TASK STATEMENT
This task calls for copying each line below that contains "stones".

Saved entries
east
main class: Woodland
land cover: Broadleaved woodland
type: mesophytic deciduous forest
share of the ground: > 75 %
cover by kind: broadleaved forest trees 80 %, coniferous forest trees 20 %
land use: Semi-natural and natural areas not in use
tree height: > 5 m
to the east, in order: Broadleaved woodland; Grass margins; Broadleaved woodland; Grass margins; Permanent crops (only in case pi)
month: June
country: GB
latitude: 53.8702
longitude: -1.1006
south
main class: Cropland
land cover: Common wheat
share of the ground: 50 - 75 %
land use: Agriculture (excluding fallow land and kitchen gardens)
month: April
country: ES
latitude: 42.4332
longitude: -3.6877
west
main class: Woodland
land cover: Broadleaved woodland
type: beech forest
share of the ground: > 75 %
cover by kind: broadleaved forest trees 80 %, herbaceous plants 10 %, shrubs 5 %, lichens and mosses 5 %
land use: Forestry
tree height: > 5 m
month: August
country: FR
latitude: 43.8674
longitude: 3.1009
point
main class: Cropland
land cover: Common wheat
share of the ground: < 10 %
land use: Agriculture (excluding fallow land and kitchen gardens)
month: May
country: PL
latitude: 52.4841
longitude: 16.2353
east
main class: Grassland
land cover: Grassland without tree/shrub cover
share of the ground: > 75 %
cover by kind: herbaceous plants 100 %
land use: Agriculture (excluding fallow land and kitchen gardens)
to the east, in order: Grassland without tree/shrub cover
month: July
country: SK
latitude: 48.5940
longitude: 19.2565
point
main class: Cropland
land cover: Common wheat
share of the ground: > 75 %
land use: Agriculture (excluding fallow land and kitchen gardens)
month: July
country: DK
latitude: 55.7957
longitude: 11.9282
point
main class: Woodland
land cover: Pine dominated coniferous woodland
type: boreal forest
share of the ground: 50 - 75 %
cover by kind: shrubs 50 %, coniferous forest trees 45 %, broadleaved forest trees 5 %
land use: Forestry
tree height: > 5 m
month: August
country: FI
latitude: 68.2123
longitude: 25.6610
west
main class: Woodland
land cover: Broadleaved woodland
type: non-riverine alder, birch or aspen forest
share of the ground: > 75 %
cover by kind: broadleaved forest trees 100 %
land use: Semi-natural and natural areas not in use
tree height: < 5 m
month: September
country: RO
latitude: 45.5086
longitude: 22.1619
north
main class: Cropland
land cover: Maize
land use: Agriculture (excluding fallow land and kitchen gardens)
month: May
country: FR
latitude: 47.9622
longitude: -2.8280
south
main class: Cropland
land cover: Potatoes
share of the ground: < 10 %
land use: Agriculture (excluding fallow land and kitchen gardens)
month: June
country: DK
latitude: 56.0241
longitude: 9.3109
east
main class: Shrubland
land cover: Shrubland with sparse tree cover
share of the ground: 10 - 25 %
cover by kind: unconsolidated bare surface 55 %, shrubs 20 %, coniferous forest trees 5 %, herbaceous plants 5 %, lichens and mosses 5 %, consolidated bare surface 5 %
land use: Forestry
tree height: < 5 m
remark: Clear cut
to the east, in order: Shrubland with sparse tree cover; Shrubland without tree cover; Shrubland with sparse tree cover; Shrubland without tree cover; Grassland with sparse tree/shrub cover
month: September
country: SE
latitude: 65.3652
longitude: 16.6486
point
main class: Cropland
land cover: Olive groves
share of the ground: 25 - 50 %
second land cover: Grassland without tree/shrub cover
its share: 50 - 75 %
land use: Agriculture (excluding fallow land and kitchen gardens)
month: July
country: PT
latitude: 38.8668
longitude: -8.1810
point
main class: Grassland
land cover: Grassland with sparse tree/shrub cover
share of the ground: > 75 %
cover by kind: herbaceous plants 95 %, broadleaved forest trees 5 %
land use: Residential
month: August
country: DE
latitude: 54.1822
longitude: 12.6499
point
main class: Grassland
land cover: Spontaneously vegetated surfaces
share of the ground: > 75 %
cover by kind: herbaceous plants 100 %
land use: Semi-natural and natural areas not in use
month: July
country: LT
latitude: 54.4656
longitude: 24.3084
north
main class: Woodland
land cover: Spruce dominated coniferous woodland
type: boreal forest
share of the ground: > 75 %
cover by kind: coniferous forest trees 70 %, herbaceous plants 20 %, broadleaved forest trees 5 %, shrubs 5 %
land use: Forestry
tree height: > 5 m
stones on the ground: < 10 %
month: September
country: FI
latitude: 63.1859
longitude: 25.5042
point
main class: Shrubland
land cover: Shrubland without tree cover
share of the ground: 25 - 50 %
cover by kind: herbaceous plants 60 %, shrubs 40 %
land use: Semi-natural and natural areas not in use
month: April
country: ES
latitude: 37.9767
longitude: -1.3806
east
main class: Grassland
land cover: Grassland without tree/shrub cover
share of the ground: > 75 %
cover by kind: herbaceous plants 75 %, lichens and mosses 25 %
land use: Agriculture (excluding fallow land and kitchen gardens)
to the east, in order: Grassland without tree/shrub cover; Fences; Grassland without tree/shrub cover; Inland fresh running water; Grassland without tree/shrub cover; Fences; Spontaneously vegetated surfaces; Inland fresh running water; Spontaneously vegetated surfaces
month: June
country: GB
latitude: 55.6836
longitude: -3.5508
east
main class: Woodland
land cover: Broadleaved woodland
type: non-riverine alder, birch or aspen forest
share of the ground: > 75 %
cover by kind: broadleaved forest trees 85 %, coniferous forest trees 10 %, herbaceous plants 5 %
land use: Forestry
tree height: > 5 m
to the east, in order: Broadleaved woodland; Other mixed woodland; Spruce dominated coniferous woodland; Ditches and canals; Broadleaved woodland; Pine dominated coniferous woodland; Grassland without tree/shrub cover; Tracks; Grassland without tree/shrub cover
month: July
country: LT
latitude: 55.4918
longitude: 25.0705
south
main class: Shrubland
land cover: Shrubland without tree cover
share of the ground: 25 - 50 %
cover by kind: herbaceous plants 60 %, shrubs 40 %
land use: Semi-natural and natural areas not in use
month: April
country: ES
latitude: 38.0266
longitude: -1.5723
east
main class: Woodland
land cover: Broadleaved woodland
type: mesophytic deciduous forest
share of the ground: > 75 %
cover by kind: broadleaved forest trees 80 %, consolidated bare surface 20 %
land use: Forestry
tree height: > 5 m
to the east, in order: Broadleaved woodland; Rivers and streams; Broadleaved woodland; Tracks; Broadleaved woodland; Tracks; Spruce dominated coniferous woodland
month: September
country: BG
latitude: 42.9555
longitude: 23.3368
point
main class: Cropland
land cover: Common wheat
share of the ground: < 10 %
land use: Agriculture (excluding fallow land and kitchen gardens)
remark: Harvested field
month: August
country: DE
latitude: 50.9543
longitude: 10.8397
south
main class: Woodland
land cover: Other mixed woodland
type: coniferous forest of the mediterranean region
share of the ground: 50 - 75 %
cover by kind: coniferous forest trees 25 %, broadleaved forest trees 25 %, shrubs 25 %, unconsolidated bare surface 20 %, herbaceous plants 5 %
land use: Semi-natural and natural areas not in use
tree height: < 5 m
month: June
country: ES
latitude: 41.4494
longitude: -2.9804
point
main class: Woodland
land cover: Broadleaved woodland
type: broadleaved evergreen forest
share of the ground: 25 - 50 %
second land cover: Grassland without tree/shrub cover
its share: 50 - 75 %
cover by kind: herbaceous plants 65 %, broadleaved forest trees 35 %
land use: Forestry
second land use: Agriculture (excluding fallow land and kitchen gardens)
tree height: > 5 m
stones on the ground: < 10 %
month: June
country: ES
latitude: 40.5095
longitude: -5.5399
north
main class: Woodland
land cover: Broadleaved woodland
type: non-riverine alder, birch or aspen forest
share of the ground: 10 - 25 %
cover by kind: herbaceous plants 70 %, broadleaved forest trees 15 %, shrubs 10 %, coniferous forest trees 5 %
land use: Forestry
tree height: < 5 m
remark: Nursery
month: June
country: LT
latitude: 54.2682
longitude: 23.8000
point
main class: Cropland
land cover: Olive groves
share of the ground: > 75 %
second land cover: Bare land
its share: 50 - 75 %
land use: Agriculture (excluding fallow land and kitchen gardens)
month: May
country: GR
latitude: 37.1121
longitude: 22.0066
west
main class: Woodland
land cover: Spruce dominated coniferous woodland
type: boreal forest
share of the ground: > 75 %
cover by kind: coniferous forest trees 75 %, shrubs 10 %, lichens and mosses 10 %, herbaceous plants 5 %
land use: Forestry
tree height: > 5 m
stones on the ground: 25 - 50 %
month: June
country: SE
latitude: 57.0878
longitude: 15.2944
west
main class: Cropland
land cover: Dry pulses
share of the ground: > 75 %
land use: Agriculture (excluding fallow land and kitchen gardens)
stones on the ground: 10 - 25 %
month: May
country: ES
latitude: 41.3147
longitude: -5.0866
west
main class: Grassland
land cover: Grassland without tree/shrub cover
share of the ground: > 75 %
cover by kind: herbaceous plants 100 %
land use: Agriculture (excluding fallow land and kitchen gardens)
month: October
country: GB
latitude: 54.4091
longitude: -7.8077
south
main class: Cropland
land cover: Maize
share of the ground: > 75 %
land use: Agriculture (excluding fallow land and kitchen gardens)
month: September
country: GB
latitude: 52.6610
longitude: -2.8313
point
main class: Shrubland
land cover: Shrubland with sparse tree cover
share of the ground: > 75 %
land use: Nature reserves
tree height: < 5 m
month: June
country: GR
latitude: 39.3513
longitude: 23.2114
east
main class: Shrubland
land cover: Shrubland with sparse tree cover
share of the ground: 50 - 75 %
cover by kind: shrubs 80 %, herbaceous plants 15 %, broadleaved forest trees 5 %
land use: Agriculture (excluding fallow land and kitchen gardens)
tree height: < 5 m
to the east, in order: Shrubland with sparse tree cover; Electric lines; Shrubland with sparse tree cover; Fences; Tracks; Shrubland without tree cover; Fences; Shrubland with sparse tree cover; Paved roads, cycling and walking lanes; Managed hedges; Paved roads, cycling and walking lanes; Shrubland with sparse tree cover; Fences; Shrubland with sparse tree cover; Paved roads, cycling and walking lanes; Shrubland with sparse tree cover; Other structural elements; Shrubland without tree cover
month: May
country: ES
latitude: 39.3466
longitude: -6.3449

RESPONSE AREA
stones on the ground: < 10 %
stones on the ground: < 10 %
stones on the ground: 25 - 50 %
stones on the ground: 10 - 25 %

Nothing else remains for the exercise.